MATERIAL TO PROCESS:
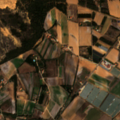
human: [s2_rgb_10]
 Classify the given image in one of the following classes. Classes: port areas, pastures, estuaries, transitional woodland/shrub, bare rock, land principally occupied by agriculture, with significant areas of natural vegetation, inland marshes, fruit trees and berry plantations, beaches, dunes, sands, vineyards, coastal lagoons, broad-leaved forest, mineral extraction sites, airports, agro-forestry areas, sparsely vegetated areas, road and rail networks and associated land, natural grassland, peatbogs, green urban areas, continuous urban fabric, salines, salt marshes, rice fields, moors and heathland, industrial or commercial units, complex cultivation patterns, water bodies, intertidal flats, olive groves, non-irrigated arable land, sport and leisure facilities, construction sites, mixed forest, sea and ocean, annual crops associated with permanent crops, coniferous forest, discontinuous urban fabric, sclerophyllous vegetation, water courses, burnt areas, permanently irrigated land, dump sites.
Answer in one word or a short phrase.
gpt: non-irrigated arable land, permanently irrigated land, sclerophyllous vegetation, transitional woodland/shrub, beaches, dunes, sands
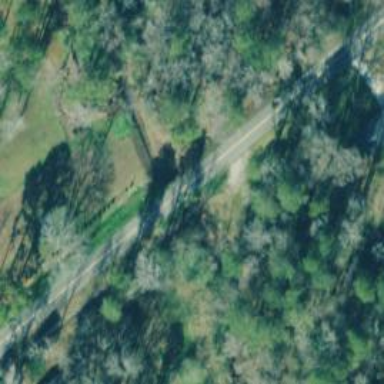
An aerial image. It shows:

ASSIGNMENT:
As the answer, set down only the lines from the data above between the one holding "Classify the given" and the one holding "Answer in one word or a short phrase.", inclusive, exactly as they read.

ANSWER TO THIS PROBLEM:
 Classify the given image in one of the following classes. Classes: port areas, pastures, estuaries, transitional woodland/shrub, bare rock, land principally occupied by agriculture, with significant areas of natural vegetation, inland marshes, fruit trees and berry plantations, beaches, dunes, sands, vineyards, coastal lagoons, broad-leaved forest, mineral extraction sites, airports, agro-forestry areas, sparsely vegetated areas, road and rail networks and associated land, natural grassland, peatbogs, green urban areas, continuous urban fabric, salines, salt marshes, rice fields, moors and heathland, industrial or commercial units, complex cultivation patterns, water bodies, intertidal flats, olive groves, non-irrigated arable land, sport and leisure facilities, construction sites, mixed forest, sea and ocean, annual crops associated with permanent crops, coniferous forest, discontinuous urban fabric, sclerophyllous vegetation, water courses, burnt areas, permanently irrigated land, dump sites.
Answer in one word or a short phrase.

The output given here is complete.